Similar maps creating voting districts to determine representatives to the state Legislature were not vetoed, however. Edwards said that even though he felt those maps were not sufficiently representative, he didn’t think the Legislature had the time to redraw them during a busy legislative session.

Advocacy groups have already filed lawsuits against the maps, saying they dilute the voting strength of minorities.

Hewitt disagreed.

“Nothing in the [Voting Rights Act] establishes a right to have members of a protected class elected in numbers equal to their proportion in the population,” she said during last month’s redistricting debate.

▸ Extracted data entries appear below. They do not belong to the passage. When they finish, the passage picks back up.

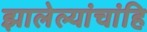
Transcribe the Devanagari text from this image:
झालेल्यांचांहि
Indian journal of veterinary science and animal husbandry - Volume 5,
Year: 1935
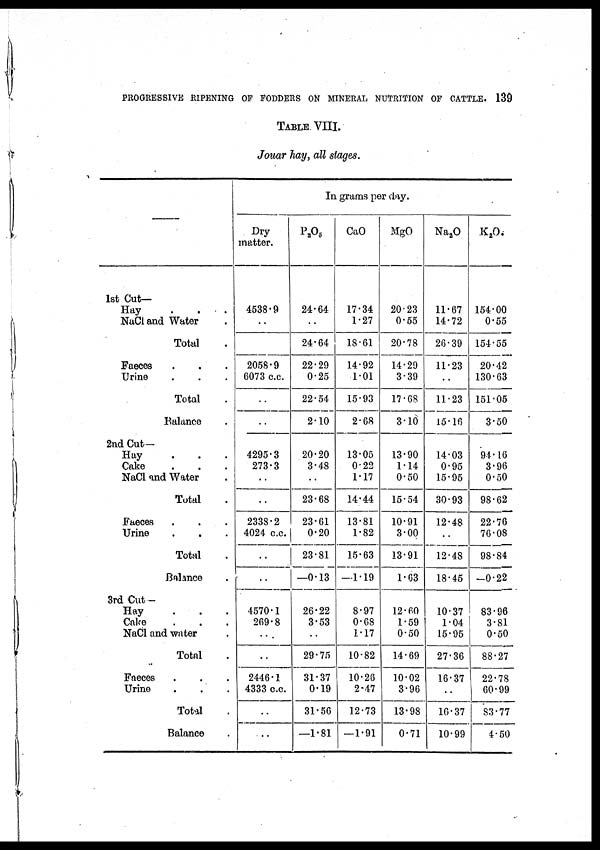
PROGRESSIVE RIPENING OF FODDERS ON MINERAL NUTRITION OF CATTLE. 139
TABLE VIII.
Jouar hay, all stages.
—
1st Cut—
Hay
.
.
.
NaCl and Water .
Total .
Faeces . . .
Urine . . .
Total .
Balance .
2nd Cut—
Hay
.
.
.
Cake . . .
NaCl and Water .
Total .
Faeces . . .
Urine . . .
Total .
Balance .
3rd Cut —
Hay
.
.
.
Cake . . .
NaCl and water .
Total .
Faeces . . .
Urine . . .
Total .
Balance .
In grams per day.
Dry
matter.
4538.9
..
2058.9
6073 c.c.
..
..
4295.3
273.3
..
..
2338.2
4024 c.c.
..
..
4570.1
269.8
...
..
2446.1
4333 c.c.
..
P 2 O 5
24.64
..
24.64
22.29
0.25
22.54
2.10
20.20
3.48
..
23.68
23.61
0.20
23.81
—0.13
26.22
3.53
..
29.75
31.37
0.19
31.56
—1.81
CaO
17.34
1.27
18.61
14.92
1.01
15.93
2.68
13.05
0.22
1.17
14.44
13.81
1.82
15.63
—1.19
8.97
0.68
1.17
10.82
10.28
2.47
12.73
—1.91
MgO
20.23
0.55
20.78
14.29
3.39
17.68
3.10
13.90
1.14
0.50
15.54
10.91
3.00
13.91
1.63
12.60
1.59
0.50
14.69
10.02
3.96
13.98
0.71
Na 2 O
11.67
14.72
26.39
11.23
..
11.23
15.16
14.03
0.95
15.95
30.93
12.48
..
12.48
18.45
10.37
1.04
15.95
27.36
16.37
10.37
10.99
K 2 O.
154.00
0.55
154.55
20.42
130.63
151.05
3.50
94.16
3.96
0.50
98.62
22.76
76.08
98.84
—0.22
83.96
3.81
0.50
88.27
22.78
60.99
83.77
4.50
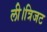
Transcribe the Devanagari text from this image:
ली।त्रिजट
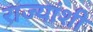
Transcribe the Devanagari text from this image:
राज्‍यांशी
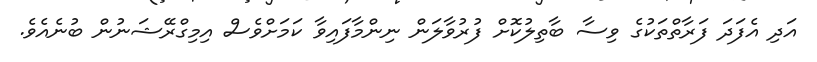
އަދި އެފަދަ ފަރާތްތަކުގެ ވިސާ ބާތިލުކޮށްް ފުރުވާލަން ނިންމާފައިވާ ކަމަށްވެސް އިމިގްރޭޝަނުން ބުނެއެވެ.
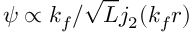
\psi \propto k _ { f } / \sqrt { L } j _ { 2 } ( k _ { f } r )
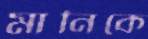
মানিকে
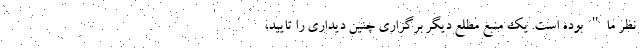
نظر ما" بوده است. یک منبع مطلع دیگر برگزاری چنین دیداری را تایید،
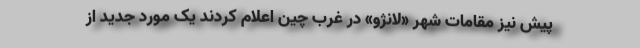
پیش نیز مقامات شهر «لانژو» در غرب چین اعلام کردند یک مورد جدید از
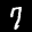
Label: 7
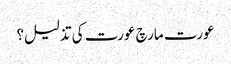
عورت مارچ عورت کی تذلیل؟
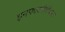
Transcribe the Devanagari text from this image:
इनफारमेटिक्स
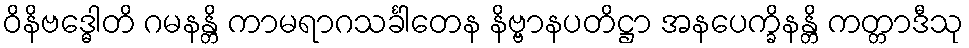
ဝိနိဗဒ္ဓေါတိ ဂမနန္တိ ကာမရာဂသင်္ခါတေန နိဗ္ဗာနပတိဋ္ဌာ အနပေက္ခိနန္တိ ကတ္တာဒီသု
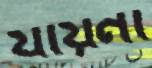
যায়না
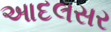
આદલસર
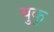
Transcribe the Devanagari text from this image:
युकु
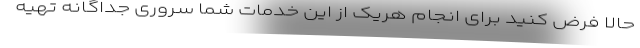
حالا فرض کنید برای انجام هریک از این خدمات شما سروری جداگانه تهیه
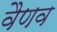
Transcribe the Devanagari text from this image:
वैणव
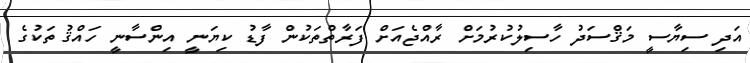
އަދި ސިޔާސީ މަޤްސަދު ހާސިލުކުރުމަށް ރާއްޖެއަށް ފަރާތްތަކުން ފާޑު ކިޔަނީ އިންސާނީ ހައްޤުތަކުގެ
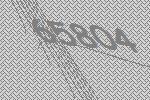
65804
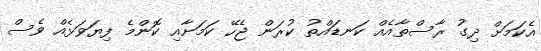
އެކަމަށް ދިގު ރާސްތާއެއް ކަނޑައްތު ކުރަން ޖެހޭ ކަމަށާއި ކޮންމެ ފިޔަވަޅެއް ވެސް
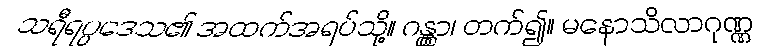
သရီရပ္ပဒေသ၏ အထက်အရပ်သို့။ ဂန္တွာ၊ တက်၍။ မနောသိလာဂုဏ္ဏ
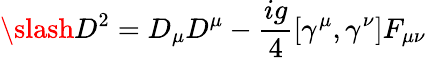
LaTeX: \slash{D}^{2}=D_{\mu}D^{\mu}-\frac{ig}{4}[\gamma^{\mu},\gamma^{\nu}]F_{\mu\nu}
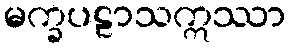
မက္ခပဠာသဣဿာ
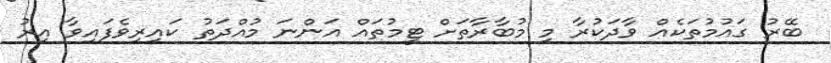
ބޭރު ގައުމުތަކެއް ވާދަކުރާ މި މުބާރާތަށް ޓީމުތައް އަންނަ މުއްދަތު ކައިރިވެފައިވާ އިރު
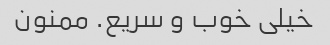
خیلی خوب و سریع. ممنون
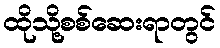
ထိုသို့စစ်ဆေးရာတွင်
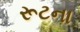
રૂટના
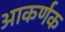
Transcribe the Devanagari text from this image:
आकर्णक
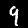
Label: 9
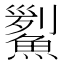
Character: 𩹒
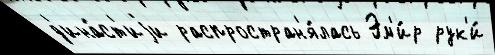
д'ина́ст'иjи распростран'я́лась Эм'и́р рук'и́
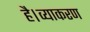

While Republicans attempt to get the votes to overturn Edwards’ veto, opponents hope the courts will intervene to ensure fairly drawn district maps ahead of midterm elections in November, when all seats in the U.S. House of Representatives will be decided.

Whether drawn by the Legislature or the court system, Gilmore says the consequences for minority voters will be substantial.

“Our ability to vote for officials who represent us hangs in how these maps are drawn. I hope they do the right thing here, because it will affect a whole lot of people.”